* DATA:
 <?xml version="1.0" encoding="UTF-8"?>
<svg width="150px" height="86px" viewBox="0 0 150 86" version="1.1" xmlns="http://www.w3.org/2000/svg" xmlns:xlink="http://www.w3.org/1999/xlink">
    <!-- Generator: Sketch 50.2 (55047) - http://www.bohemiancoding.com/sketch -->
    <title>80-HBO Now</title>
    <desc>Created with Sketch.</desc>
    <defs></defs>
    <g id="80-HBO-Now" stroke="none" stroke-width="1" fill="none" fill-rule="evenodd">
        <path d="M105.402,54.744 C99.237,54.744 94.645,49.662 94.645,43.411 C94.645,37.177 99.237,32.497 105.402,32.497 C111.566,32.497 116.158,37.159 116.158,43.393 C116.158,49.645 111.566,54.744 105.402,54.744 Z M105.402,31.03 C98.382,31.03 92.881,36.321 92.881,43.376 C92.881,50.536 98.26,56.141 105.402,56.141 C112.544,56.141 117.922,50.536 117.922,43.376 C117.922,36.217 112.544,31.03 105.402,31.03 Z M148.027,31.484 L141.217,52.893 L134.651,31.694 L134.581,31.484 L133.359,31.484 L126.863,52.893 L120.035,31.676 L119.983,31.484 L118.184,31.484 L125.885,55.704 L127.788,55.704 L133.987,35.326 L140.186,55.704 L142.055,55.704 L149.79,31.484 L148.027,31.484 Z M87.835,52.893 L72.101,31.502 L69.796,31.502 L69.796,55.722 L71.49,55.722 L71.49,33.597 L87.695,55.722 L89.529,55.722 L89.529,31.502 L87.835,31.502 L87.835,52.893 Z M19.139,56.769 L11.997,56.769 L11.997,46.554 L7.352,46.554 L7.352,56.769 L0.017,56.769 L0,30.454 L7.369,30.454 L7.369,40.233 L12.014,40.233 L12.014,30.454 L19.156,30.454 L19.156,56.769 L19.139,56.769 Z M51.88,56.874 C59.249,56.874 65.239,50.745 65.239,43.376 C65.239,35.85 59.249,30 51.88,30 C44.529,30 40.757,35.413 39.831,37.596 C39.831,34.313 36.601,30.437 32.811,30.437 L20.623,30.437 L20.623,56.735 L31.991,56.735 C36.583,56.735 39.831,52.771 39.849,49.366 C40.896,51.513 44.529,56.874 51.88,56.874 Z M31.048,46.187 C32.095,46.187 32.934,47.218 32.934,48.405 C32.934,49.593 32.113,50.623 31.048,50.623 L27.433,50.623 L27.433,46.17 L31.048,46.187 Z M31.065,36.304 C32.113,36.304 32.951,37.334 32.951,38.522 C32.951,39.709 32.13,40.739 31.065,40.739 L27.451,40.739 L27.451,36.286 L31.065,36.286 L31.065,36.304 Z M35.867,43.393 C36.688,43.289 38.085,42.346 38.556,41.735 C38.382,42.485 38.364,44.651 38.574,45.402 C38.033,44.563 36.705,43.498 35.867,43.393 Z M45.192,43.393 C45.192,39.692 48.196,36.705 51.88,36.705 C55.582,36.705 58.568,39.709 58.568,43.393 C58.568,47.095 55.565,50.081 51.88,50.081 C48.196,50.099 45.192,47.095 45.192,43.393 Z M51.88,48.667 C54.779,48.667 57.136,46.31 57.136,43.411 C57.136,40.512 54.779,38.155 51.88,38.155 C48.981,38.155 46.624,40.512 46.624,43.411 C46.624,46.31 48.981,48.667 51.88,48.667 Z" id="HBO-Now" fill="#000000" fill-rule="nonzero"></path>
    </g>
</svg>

* WHAT TO DO: Give back all of the entries exactly as written.

* TASK OUTPUT:
 <?xml version="1.0" encoding="UTF-8"?>
<svg width="150px" height="86px" viewBox="0 0 150 86" version="1.1" xmlns="http://www.w3.org/2000/svg" xmlns:xlink="http://www.w3.org/1999/xlink">
    <!-- Generator: Sketch 50.2 (55047) - http://www.bohemiancoding.com/sketch -->
    <title>80-HBO Now</title>
    <desc>Created with Sketch.</desc>
    <defs></defs>
    <g id="80-HBO-Now" stroke="none" stroke-width="1" fill="none" fill-rule="evenodd">
        <path d="M105.402,54.744 C99.237,54.744 94.645,49.662 94.645,43.411 C94.645,37.177 99.237,32.497 105.402,32.497 C111.566,32.497 116.158,37.159 116.158,43.393 C116.158,49.645 111.566,54.744 105.402,54.744 Z M105.402,31.03 C98.382,31.03 92.881,36.321 92.881,43.376 C92.881,50.536 98.26,56.141 105.402,56.141 C112.544,56.141 117.922,50.536 117.922,43.376 C117.922,36.217 112.544,31.03 105.402,31.03 Z M148.027,31.484 L141.217,52.893 L134.651,31.694 L134.581,31.484 L133.359,31.484 L126.863,52.893 L120.035,31.676 L119.983,31.484 L118.184,31.484 L125.885,55.704 L127.788,55.704 L133.987,35.326 L140.186,55.704 L142.055,55.704 L149.79,31.484 L148.027,31.484 Z M87.835,52.893 L72.101,31.502 L69.796,31.502 L69.796,55.722 L71.49,55.722 L71.49,33.597 L87.695,55.722 L89.529,55.722 L89.529,31.502 L87.835,31.502 L87.835,52.893 Z M19.139,56.769 L11.997,56.769 L11.997,46.554 L7.352,46.554 L7.352,56.769 L0.017,56.769 L0,30.454 L7.369,30.454 L7.369,40.233 L12.014,40.233 L12.014,30.454 L19.156,30.454 L19.156,56.769 L19.139,56.769 Z M51.88,56.874 C59.249,56.874 65.239,50.745 65.239,43.376 C65.239,35.85 59.249,30 51.88,30 C44.529,30 40.757,35.413 39.831,37.596 C39.831,34.313 36.601,30.437 32.811,30.437 L20.623,30.437 L20.623,56.735 L31.991,56.735 C36.583,56.735 39.831,52.771 39.849,49.366 C40.896,51.513 44.529,56.874 51.88,56.874 Z M31.048,46.187 C32.095,46.187 32.934,47.218 32.934,48.405 C32.934,49.593 32.113,50.623 31.048,50.623 L27.433,50.623 L27.433,46.17 L31.048,46.187 Z M31.065,36.304 C32.113,36.304 32.951,37.334 32.951,38.522 C32.951,39.709 32.13,40.739 31.065,40.739 L27.451,40.739 L27.451,36.286 L31.065,36.286 L31.065,36.304 Z M35.867,43.393 C36.688,43.289 38.085,42.346 38.556,41.735 C38.382,42.485 38.364,44.651 38.574,45.402 C38.033,44.563 36.705,43.498 35.867,43.393 Z M45.192,43.393 C45.192,39.692 48.196,36.705 51.88,36.705 C55.582,36.705 58.568,39.709 58.568,43.393 C58.568,47.095 55.565,50.081 51.88,50.081 C48.196,50.099 45.192,47.095 45.192,43.393 Z M51.88,48.667 C54.779,48.667 57.136,46.31 57.136,43.411 C57.136,40.512 54.779,38.155 51.88,38.155 C48.981,38.155 46.624,40.512 46.624,43.411 C46.624,46.31 48.981,48.667 51.88,48.667 Z" id="HBO-Now" fill="#000000" fill-rule="nonzero"></path>
    </g>
</svg>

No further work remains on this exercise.